Q: What is OpenAI’s A-SWE, and why does it matter for IT services?
A-SWE (Agentic Software Engineer) is OpenAI’s AI system designed to autonomously build applications, fix bugs, write documentation, and handle QA — the entire software development lifecycle without human engineers. OpenAI’s CFO has explicitly described it as a replacement for software engineers, not an assistant. If deployed at enterprise scale, it directly eliminates the core service that mid-tier IT outsourcers provide.
Q: Should I be worried about my job in IT?
That depends on what your job involves. If your primary work is routine coding, ticket routing, manual testing, or report generation, the risk is real and growing. If you work in AI governance, cybersecurity, complex systems architecture, or senior consulting, demand is rising. The safest move is to understand which tier your role falls in and move proactively.
Q: How do AI agents compare to traditional outsourced developers in terms of cost?
One industry analysis described the marginal cost of AI coding agents as “essentially the cost of electricity.” Compare that to a mid-level Indian IT engineer billing at $40-80/hour to a Western client. For commodity coding tasks, the cost differential is already decisive. AI agents don’t bill for think time, meetings, or ramp-up. The economic case for human outsourcing on routine tasks is eroding fast.

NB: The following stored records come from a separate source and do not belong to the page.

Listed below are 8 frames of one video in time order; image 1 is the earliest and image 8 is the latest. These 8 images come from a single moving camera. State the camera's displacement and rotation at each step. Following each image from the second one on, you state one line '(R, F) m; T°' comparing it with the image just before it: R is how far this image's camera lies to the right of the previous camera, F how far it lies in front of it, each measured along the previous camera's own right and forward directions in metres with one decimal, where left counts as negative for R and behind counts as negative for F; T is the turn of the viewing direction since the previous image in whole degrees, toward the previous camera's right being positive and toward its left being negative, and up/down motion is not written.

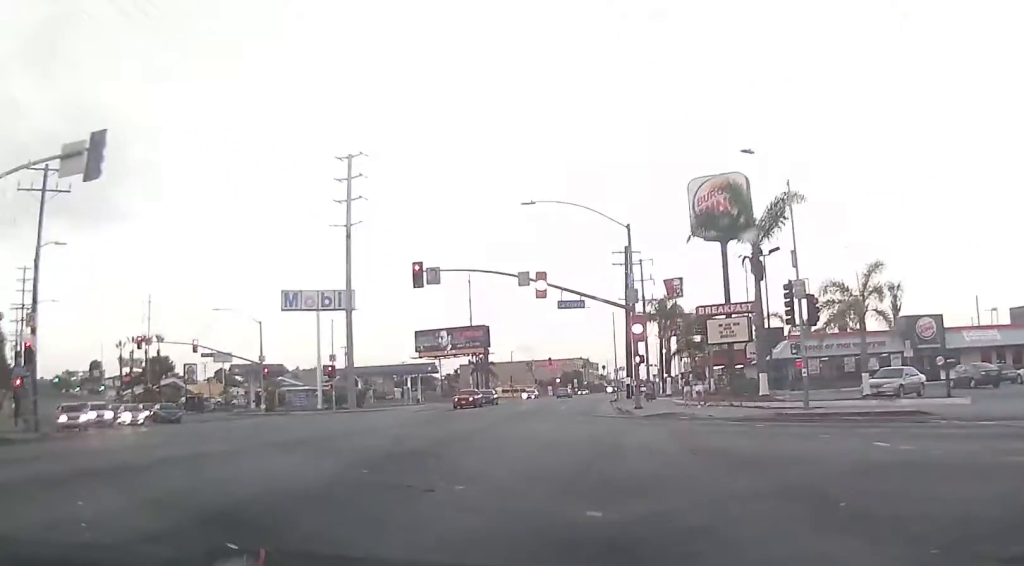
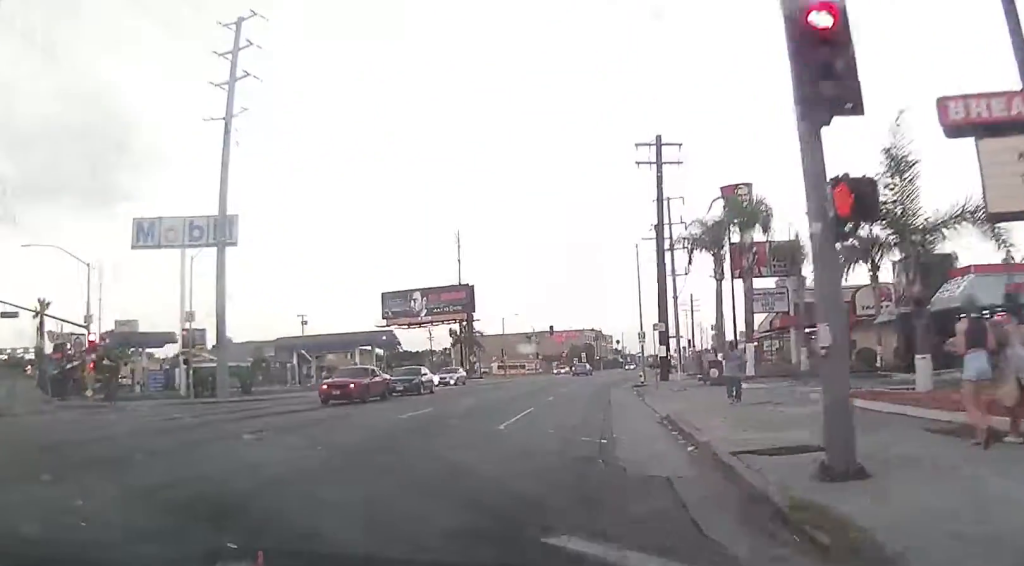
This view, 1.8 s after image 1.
(+0.8, +32.5) m; +1°
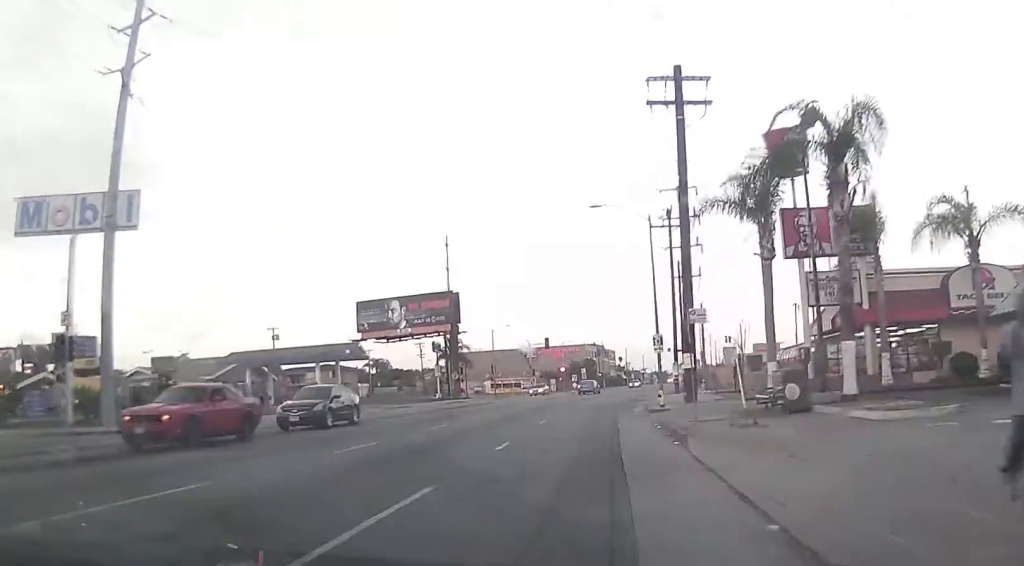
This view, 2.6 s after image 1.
(-0.3, +14.1) m; -1°
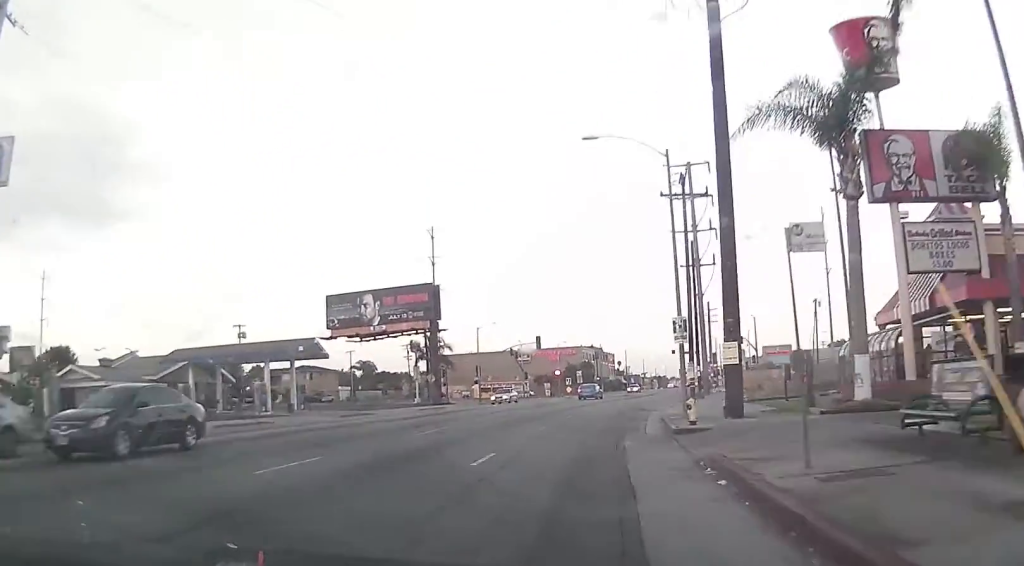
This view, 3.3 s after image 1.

Q: What’s the realistic timeline for this disruption?
The disruption is already happening (FY2026 data confirms it). The accelerating phase likely runs 2026-2029, as AI agent reliability improves and enterprise trust increases. A stabilization phase may follow as the industry restructures around higher-value services. “Complete replacement” timelines (by 2030, per some analysts) are likely too aggressive for complex enterprise work, but too optimistic for commodity IT services.